Start of DATA EXTRACT

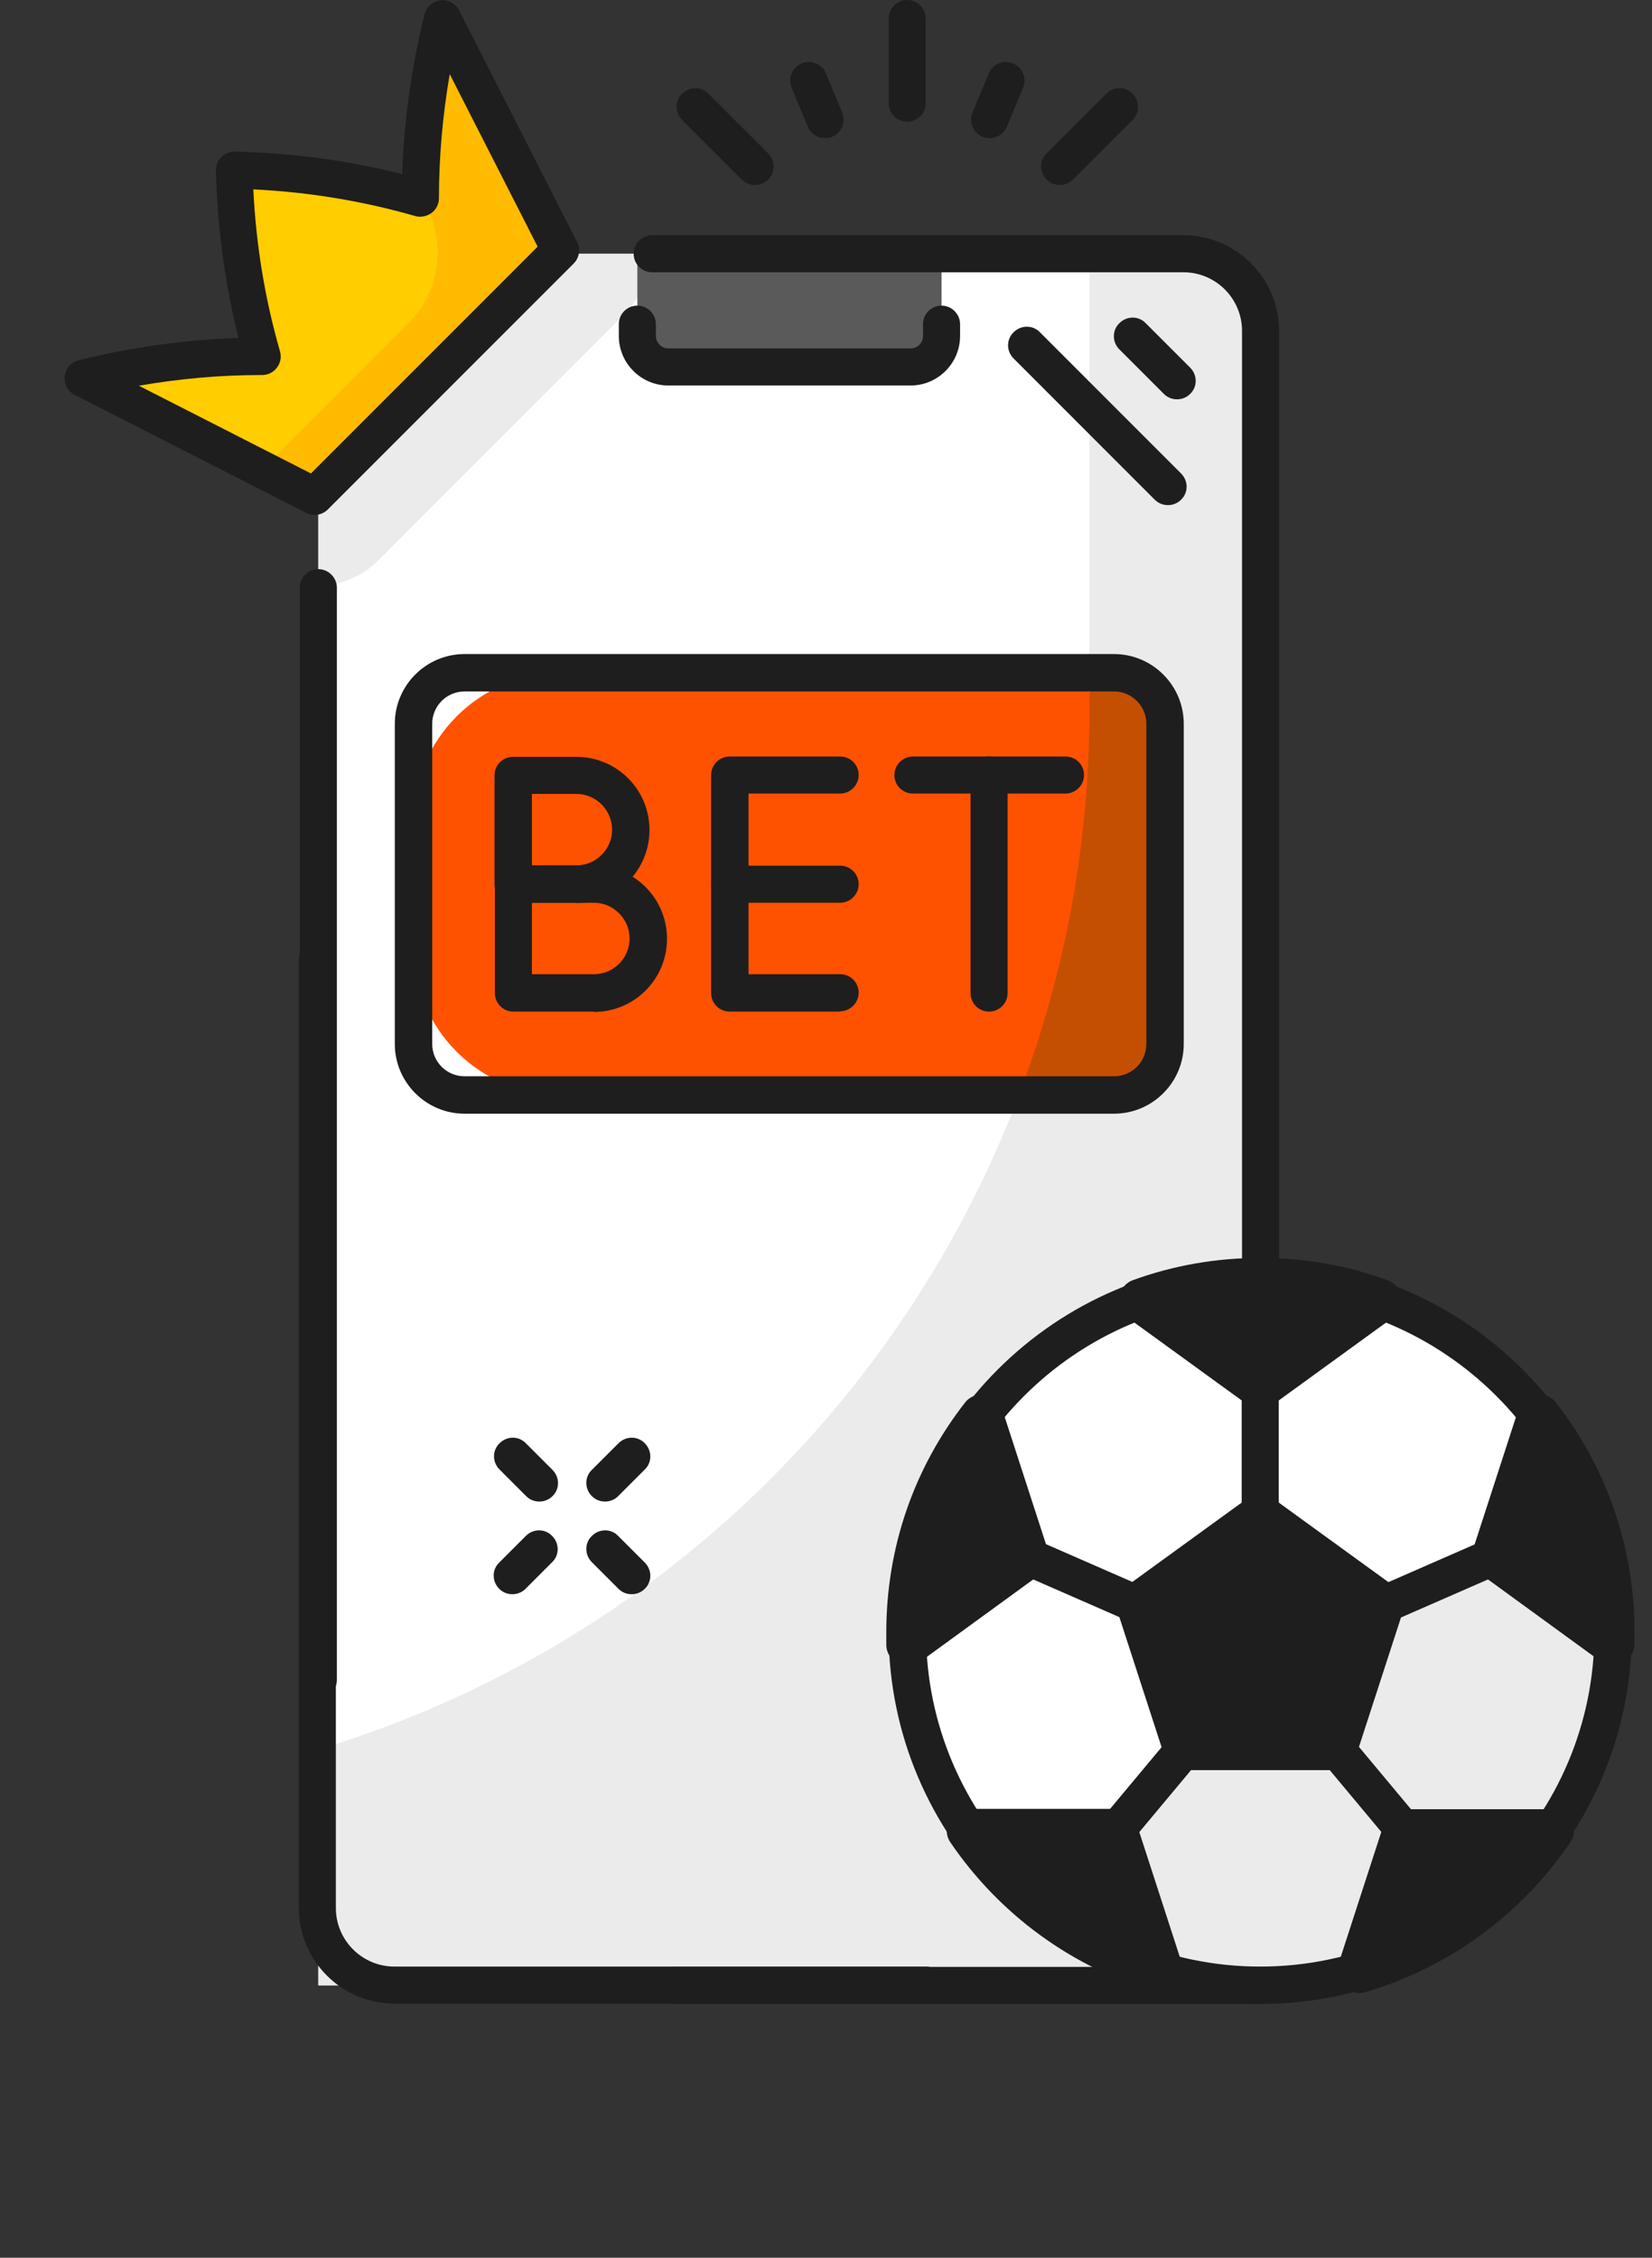 <?xml version="1.0" encoding="UTF-8"?>
<svg id="Layer_1" data-name="Layer 1" xmlns="http://www.w3.org/2000/svg" viewBox="0 0 49.04 67">
  <rect x="0" y="0" width="49.04" height="67" fill="#333333" stroke="none"/>
  <defs>
    <style>
      .cls-1 {
        fill: #5a5a5a;
      }

      .cls-1, .cls-2, .cls-3, .cls-4, .cls-5, .cls-6, .cls-7, .cls-8 {
        stroke-width: 0px;
      }

      .cls-2 {
        fill: #fff;
      }

      .cls-3 {
        fill: #c44f00;
      }

      .cls-4 {
        fill: #ebebeb;
      }

      .cls-5 {
        fill: #1e1e1e;
      }

      .cls-6 {
        fill: #ffcd00;
      }

      .cls-7 {
        fill: #fb0;
      }

      .cls-8 {
        fill: #ff5200;
      }
    </style>
  </defs>
  <path class="cls-2" d="m9.45,58.92h27.97V9.82c0-1.26-1.03-2.29-2.29-2.29H9.45v51.39Z"/>
  <path class="cls-4" d="m37.42,9.82c0-1.26-1.03-2.29-2.29-2.29h-2.79v13.53c0,14.21-9.29,26.74-22.89,30.86h0v6.99h27.97V9.82Z"/>
  <path class="cls-4" d="m19.32,7.53h-9.87v9.87c.66-.03,1.3-.29,1.79-.78l7.3-7.3c.49-.49.75-1.13.78-1.79Z"/>
  <path class="cls-1" d="m27.95,7.53v2.44c0,.51-.41.92-.92.92h-7.19c-.51,0-.92-.41-.92-.92v-2.44h9.03Z"/>
  <path class="cls-8" d="m16.66,19.97h13.54c2.42,0,4.39,1.97,4.39,4.39v3.75c0,2.42-1.97,4.39-4.39,4.39h-13.54c-2.42,0-4.39-1.97-4.39-4.39v-3.75c0-2.42,1.97-4.39,4.39-4.39Z"/>
  <path class="cls-3" d="m33.07,32.5c.84,0,1.52-.68,1.52-1.52v-9.5c0-.84-.68-1.52-1.52-1.52h-.73v1.1c0,3.99-.73,7.85-2.09,11.43h2.83Z"/>
  <path class="cls-6" d="m12.49,5.88c-1.73-.5-3.58-.79-5.53-.83.05,1.95.34,3.8.83,5.53-1.73,0-3.52.2-5.32.65,2.29,1.17,4.58,2.33,6.87,3.5l7.3-7.3c-1.17-2.29-2.33-4.58-3.5-6.87-.45,1.81-.66,3.6-.65,5.32Z"/>
  <path class="cls-7" d="m13.14.55c-.44,1.77-.65,3.52-.65,5.21.08.18.16.35.24.53.51,1.11.27,2.42-.59,3.28l-4.36,4.36c.52.26,1.04.53,1.56.79l7.3-7.3c-1.17-2.29-2.33-4.58-3.5-6.87Z"/>
  <g>
    <polygon class="cls-5" points="35.16 51.9 33.77 47.63 37.41 44.99 41.05 47.63 39.66 51.9 35.16 51.9"/>
    <path class="cls-2" d="m37.41,41.18v3.8l-3.64,2.64-3.27-1.43-1.36-4.19c1.2-1.54,2.83-2.74,4.7-3.42l3.57,2.59Z"/>
    <path class="cls-2" d="m45.68,42.01l-1.36,4.19-3.27,1.43-3.64-2.64v-3.8l3.57-2.59c1.87.68,3.5,1.88,4.7,3.42Z"/>
    <path class="cls-4" d="m47.88,48.79c-.06,2.05-.72,3.95-1.79,5.53h-4.41l-2.02-2.42,1.39-4.28,3.27-1.43h0s3.56,2.59,3.56,2.59Z"/>
    <path class="cls-4" d="m41.68,54.32l-1.36,4.19c-.92.27-1.9.41-2.91.41s-1.98-.14-2.91-.41l-1.36-4.19,2.02-2.42h4.49l2.02,2.42Z"/>
    <path class="cls-2" d="m35.16,51.9l-2.02,2.42h-4.4c-1.08-1.59-1.73-3.49-1.8-5.53l3.56-2.59h0s3.27,1.43,3.27,1.43l1.39,4.28Z"/>
    <path class="cls-5" d="m40.98,38.59l-3.57,2.59-3.57-2.59c1.11-.4,2.31-.62,3.57-.62s2.45.22,3.57.62Z"/>
    <path class="cls-5" d="m30.51,46.2l-3.56,2.59c0-.11,0-.23,0-.34,0-2.43.82-4.66,2.21-6.43l1.36,4.19Z"/>
    <path class="cls-5" d="m34.5,58.51c-2.38-.69-4.41-2.19-5.77-4.19h4.41l1.36,4.19Z"/>
    <path class="cls-5" d="m46.09,54.32c-1.36,2-3.39,3.51-5.77,4.19l1.36-4.19h4.41Z"/>
    <path class="cls-5" d="m47.89,48.44c0,.12,0,.23,0,.34l-3.56-2.59,1.36-4.19c1.39,1.78,2.21,4.01,2.21,6.43Z"/>
  </g>
  <g>
    <path class="cls-5" d="m31.46,5.49c-.14,0-.28-.05-.39-.16-.22-.22-.22-.57,0-.78l1.77-1.77c.22-.22.57-.22.78,0s.22.57,0,.78l-1.77,1.77c-.11.11-.25.16-.39.16Z"/>
    <path class="cls-5" d="m29.38,4.1c-.07,0-.14-.01-.21-.04-.28-.12-.42-.44-.3-.72l.48-1.16c.12-.28.44-.42.72-.3.28.12.42.44.3.72l-.48,1.16c-.09.21-.29.34-.51.34Z"/>
    <path class="cls-5" d="m26.93,3.61c-.31,0-.55-.25-.55-.55V.55C26.38.25,26.63,0,26.93,0s.55.25.55.55v2.51c0,.31-.25.55-.55.55Z"/>
    <path class="cls-5" d="m24.49,4.1c-.22,0-.42-.13-.51-.34l-.48-1.16c-.12-.28.02-.61.3-.72.28-.12.6.02.72.3l.48,1.16c.12.28-.02.61-.3.72-.07.03-.14.04-.21.04Z"/>
    <path class="cls-5" d="m22.41,5.49c-.14,0-.28-.05-.39-.16l-1.77-1.77c-.22-.22-.22-.57,0-.78s.57-.22.78,0l1.77,1.77c.22.22.22.57,0,.78-.11.11-.25.16-.39.16Z"/>
  </g>
  <path class="cls-5" d="m37.42,38.52c-.3,0-.55-.25-.55-.55V9.82c0-.96-.78-1.74-1.74-1.74h-15.77c-.31,0-.55-.25-.55-.55s.25-.55.55-.55h15.77c1.57,0,2.84,1.28,2.84,2.84v28.14c0,.31-.25.55-.55.55Z"/>
  <path class="cls-5" d="m37.41,59.47h-17.36c-.31,0-.55-.25-.55-.55s.25-.55.55-.55h17.36c.31,0,.55.25.55.55s-.25.55-.55.55Z"/>
  <path class="cls-5" d="m9.45,50.4c-.31,0-.55-.25-.55-.55V17.44c0-.31.25-.55.55-.55s.55.25.55.55v32.41c0,.31-.25.55-.55.55Z"/>
  <g>
    <path class="cls-5" d="m34.94,11.85c-.14,0-.28-.05-.39-.16l-1.32-1.32c-.22-.22-.22-.57,0-.78.22-.22.57-.22.78,0l1.32,1.32c.22.22.22.57,0,.78-.11.11-.25.16-.39.16Z"/>
    <path class="cls-5" d="m34.67,14.99c-.14,0-.28-.05-.39-.16l-4.19-4.19c-.22-.22-.22-.57,0-.78.22-.22.57-.22.78,0l4.19,4.19c.22.22.22.57,0,.78-.11.11-.25.16-.39.16Z"/>
  </g>
  <path class="cls-5" d="m27.03,11.44h-7.19c-.81,0-1.47-.66-1.47-1.47v-.35c0-.31.25-.55.55-.55s.55.25.55.55v.35c0,.2.17.37.37.37h7.19c.2,0,.37-.16.37-.37v-.35c0-.31.25-.55.55-.55s.55.25.55.55v.35c0,.81-.66,1.47-1.47,1.47Z"/>
  <g>
    <g>
      <g>
        <path class="cls-5" d="m17.63,30.02h-2.39c-.31,0-.55-.25-.55-.55v-3.23c0-.31.25-.55.55-.55h2.39c1.2,0,2.17.97,2.17,2.17s-.97,2.17-2.17,2.17Zm-1.84-1.11h1.84c.59,0,1.06-.48,1.06-1.06s-.48-1.06-1.06-1.06h-1.84v2.13Z"/>
        <path class="cls-5" d="m17.11,26.79h-1.88c-.31,0-.55-.25-.55-.55v-3.23c0-.31.25-.55.55-.55h1.88c1.2,0,2.17.97,2.17,2.17s-.97,2.17-2.17,2.17Zm-1.32-1.11h1.32c.59,0,1.06-.48,1.06-1.06s-.48-1.06-1.06-1.06h-1.32v2.13Z"/>
      </g>
      <g>
        <path class="cls-5" d="m24.94,30.02h-3.28c-.31,0-.55-.25-.55-.55v-6.47c0-.31.25-.55.55-.55h3.28c.31,0,.55.25.55.55s-.25.55-.55.55h-2.72v5.36h2.72c.31,0,.55.25.55.55s-.25.55-.55.55Z"/>
        <path class="cls-5" d="m24.94,26.79h-3.28c-.31,0-.55-.25-.55-.55s.25-.55.55-.55h3.28c.31,0,.55.25.55.55s-.25.55-.55.55Z"/>
      </g>
      <g>
        <path class="cls-5" d="m31.63,23.55h-4.53c-.31,0-.55-.25-.55-.55s.25-.55.55-.55h4.53c.31,0,.55.25.55.55s-.25.55-.55.55Z"/>
        <path class="cls-5" d="m29.36,30.02c-.31,0-.55-.25-.55-.55v-6.47c0-.31.25-.55.55-.55s.55.25.55.55v6.47c0,.31-.25.55-.55.55Z"/>
      </g>
    </g>
    <path class="cls-5" d="m33.07,33.05H13.79c-1.14,0-2.07-.93-2.07-2.07v-9.5c0-1.14.93-2.07,2.07-2.07h19.28c1.14,0,2.07.93,2.07,2.07v9.5c0,1.14-.93,2.07-2.07,2.07Zm-19.28-12.53c-.53,0-.96.43-.96.96v9.5c0,.53.43.96.96.96h19.28c.53,0,.96-.43.96-.96v-9.5c0-.53-.43-.96-.96-.96H13.79Z"/>
  </g>
  <g>
    <g>
      <polygon class="cls-5" points="35.16 51.9 33.77 47.63 37.41 44.99 41.05 47.63 39.66 51.9 35.16 51.9"/>
      <path class="cls-5" d="m39.66,52.53h-4.5c-.27,0-.52-.18-.6-.44l-1.39-4.28c-.08-.26,0-.55.23-.71l3.64-2.64c.22-.16.52-.16.74,0l3.64,2.64c.22.16.31.45.23.71l-1.39,4.28c-.08.26-.33.44-.6.44Zm-4.04-1.26h3.58l1.11-3.4-2.89-2.1-2.89,2.1,1.11,3.4Z"/>
    </g>
    <path class="cls-5" d="m37.41,59.47c-6.08,0-11.03-4.95-11.03-11.03s4.95-11.03,11.03-11.03,11.03,4.95,11.03,11.03-4.95,11.03-11.03,11.03Zm0-20.95c-5.47,0-9.92,4.45-9.92,9.92s4.45,9.92,9.92,9.92,9.92-4.45,9.92-9.92-4.45-9.92-9.92-9.92Z"/>
    <g>
      <path class="cls-5" d="m40.98,38.59l-3.57,2.59-3.57-2.59c1.11-.4,2.31-.62,3.57-.62s2.45.22,3.57.62Z"/>
      <path class="cls-5" d="m37.41,41.81c-.13,0-.26-.04-.37-.12l-3.57-2.59c-.19-.14-.29-.37-.25-.6.03-.23.19-.43.41-.51,1.21-.44,2.48-.66,3.78-.66s2.57.22,3.78.66c.22.08.38.27.41.51.03.23-.07.46-.25.6l-3.57,2.59c-.11.08-.24.12-.37.12Zm-2.16-2.98l2.16,1.57,2.16-1.57c-1.4-.31-2.9-.31-4.31,0Z"/>
    </g>
    <g>
      <path class="cls-5" d="m30.51,46.2l-3.56,2.59c0-.11,0-.23,0-.34,0-2.43.82-4.66,2.21-6.43l1.36,4.19Z"/>
      <path class="cls-5" d="m26.94,49.42c-.1,0-.19-.02-.28-.06-.21-.1-.35-.31-.35-.55,0-.12,0-.24,0-.37,0-2.5.81-4.86,2.34-6.82.14-.18.38-.27.61-.23.23.04.42.2.49.43l1.36,4.19c.08.26,0,.55-.23.71l-3.56,2.59c-.11.08-.24.12-.37.12Zm2-5.99c-.74,1.25-1.2,2.64-1.33,4.1l2.15-1.56-.82-2.53Z"/>
    </g>
    <g>
      <path class="cls-5" d="m34.5,58.51c-2.38-.69-4.41-2.19-5.77-4.19h4.41l1.36,4.19Z"/>
      <path class="cls-5" d="m34.5,59.14c-.06,0-.12,0-.17-.02-2.49-.72-4.66-2.3-6.12-4.45-.13-.19-.14-.44-.04-.65.11-.21.32-.34.56-.34h4.41c.27,0,.52.18.6.44l1.34,4.13c.03.08.05.16.05.25,0,.35-.28.63-.63.63h0Zm-4.48-4.19c.96,1.09,2.15,1.96,3.48,2.53l-.82-2.53h-2.66Z"/>
    </g>
    <g>
      <path class="cls-5" d="m46.09,54.32c-1.36,2-3.39,3.51-5.77,4.19l1.36-4.19h4.41Z"/>
      <path class="cls-5" d="m40.32,59.14c-.17,0-.33-.07-.45-.19-.16-.17-.22-.41-.15-.63l1.36-4.19c.08-.26.33-.44.6-.44h4.41c.23,0,.45.13.56.34.11.21.1.46-.04.65-1.46,2.15-3.63,3.73-6.12,4.45-.06.02-.12.02-.18.02Zm1.82-4.19l-.82,2.53c1.33-.58,2.52-1.44,3.48-2.53h-2.66Z"/>
    </g>
    <g>
      <path class="cls-5" d="m47.89,48.44c0,.12,0,.23,0,.34l-3.56-2.59,1.36-4.19c1.39,1.78,2.21,4.01,2.21,6.43Z"/>
      <path class="cls-5" d="m47.88,49.42c-.13,0-.26-.04-.37-.12l-3.56-2.59c-.22-.16-.31-.45-.23-.71l1.36-4.19c.07-.22.26-.39.49-.43.23-.04.46.05.61.23,1.53,1.97,2.34,4.32,2.34,6.82,0,.12,0,.25,0,.37,0,.23-.15.44-.36.54-.09.04-.18.06-.28.06Zm-2.82-3.46l2.15,1.56c-.13-1.46-.58-2.85-1.33-4.1l-.82,2.53Z"/>
    </g>
    <path class="cls-5" d="m37.41,45.54c-.31,0-.55-.25-.55-.55v-3.8c0-.31.25-.55.55-.55s.55.25.55.55v3.8c0,.31-.25.55-.55.55Z"/>
    <path class="cls-5" d="m41.05,48.18c-.21,0-.42-.12-.51-.33-.12-.28,0-.61.29-.73l3.27-1.43c.28-.12.61,0,.73.29.12.28,0,.61-.29.73l-3.27,1.43c-.07.03-.15.05-.22.05Z"/>
    <path class="cls-5" d="m41.68,54.87c-.16,0-.32-.07-.42-.2l-2.02-2.42c-.2-.23-.17-.58.07-.78.23-.2.58-.17.78.07l2.02,2.42c.2.23.16.58-.07.78-.1.09-.23.13-.35.13Z"/>
    <path class="cls-5" d="m33.14,54.87c-.13,0-.25-.04-.35-.13-.23-.2-.27-.54-.07-.78l2.02-2.42c.2-.23.54-.27.78-.07.23.2.26.54.07.78l-2.02,2.42c-.11.13-.27.2-.42.2Z"/>
    <path class="cls-5" d="m33.77,48.18c-.07,0-.15-.01-.22-.05l-3.27-1.43c-.28-.12-.41-.45-.29-.73.12-.28.45-.41.73-.29l3.27,1.43c.28.12.41.45.29.73-.09.21-.29.33-.51.33Z"/>
  </g>
  <path class="cls-5" d="m9.34,15.28c-.09,0-.17-.02-.25-.06l-6.87-3.5c-.21-.1-.32-.33-.3-.56.03-.23.19-.42.42-.47,1.57-.39,3.17-.61,4.74-.66-.4-1.6-.63-3.27-.67-4.97,0-.15.05-.3.16-.4.11-.11.25-.16.4-.16,1.71.04,3.38.26,4.97.67.05-1.57.27-3.16.66-4.74.06-.22.24-.39.47-.42.23-.03.45.09.56.3l3.5,6.87c.11.21.07.47-.1.64l-7.3,7.3c-.11.11-.25.16-.39.16Zm-5.23-3.84l5.12,2.61,6.73-6.73-2.61-5.12c-.21,1.23-.32,2.46-.32,3.68,0,.17-.08.34-.22.44-.14.1-.32.14-.49.09-1.53-.44-3.14-.71-4.8-.79.08,1.66.35,3.27.79,4.8.05.17.02.35-.09.49-.1.14-.27.22-.44.22h-.07c-1.19,0-2.4.11-3.61.32Z"/>
  <g>
    <path class="cls-5" d="m16.01,44.56c-.14,0-.28-.05-.39-.16l-.79-.79c-.22-.22-.22-.57,0-.78.22-.22.57-.22.78,0l.79.79c.22.22.22.57,0,.78-.11.11-.25.16-.39.16Z"/>
    <path class="cls-5" d="m18.75,47.31c-.14,0-.28-.05-.39-.16l-.79-.79c-.22-.22-.22-.57,0-.78.22-.22.57-.22.78,0l.79.79c.22.22.22.57,0,.78-.11.11-.25.16-.39.16Z"/>
    <path class="cls-5" d="m15.21,47.31c-.14,0-.28-.05-.39-.16-.22-.22-.22-.57,0-.78l.79-.79c.22-.22.57-.22.78,0,.22.22.22.57,0,.78l-.79.79c-.11.11-.25.16-.39.16Z"/>
    <path class="cls-5" d="m17.96,44.56c-.14,0-.28-.05-.39-.16-.22-.22-.22-.57,0-.78l.79-.79c.22-.22.57-.22.78,0,.22.22.22.57,0,.78l-.79.79c-.11.11-.25.16-.39.16Z"/>
  </g>
  <path class="cls-5" d="m9.42,27.93c.3,0,.55.25.55.55v28.14c0,.96.78,1.74,1.74,1.74h15.77c.31,0,.55.25.55.55s-.25.55-.55.55h-15.77c-1.57,0-2.84-1.28-2.84-2.84v-28.14c0-.31.25-.55.55-.55Z"/>
</svg>

End of DATA EXTRACT

> [BRIEF]
Which lines in the entries above contain "stroke"? Pull each of them out.

> [RESPONSE TO THIS EXERCISE]
  <rect x="0" y="0" width="49.04" height="67" fill="#333333" stroke="none"/>
        stroke-width: 0px;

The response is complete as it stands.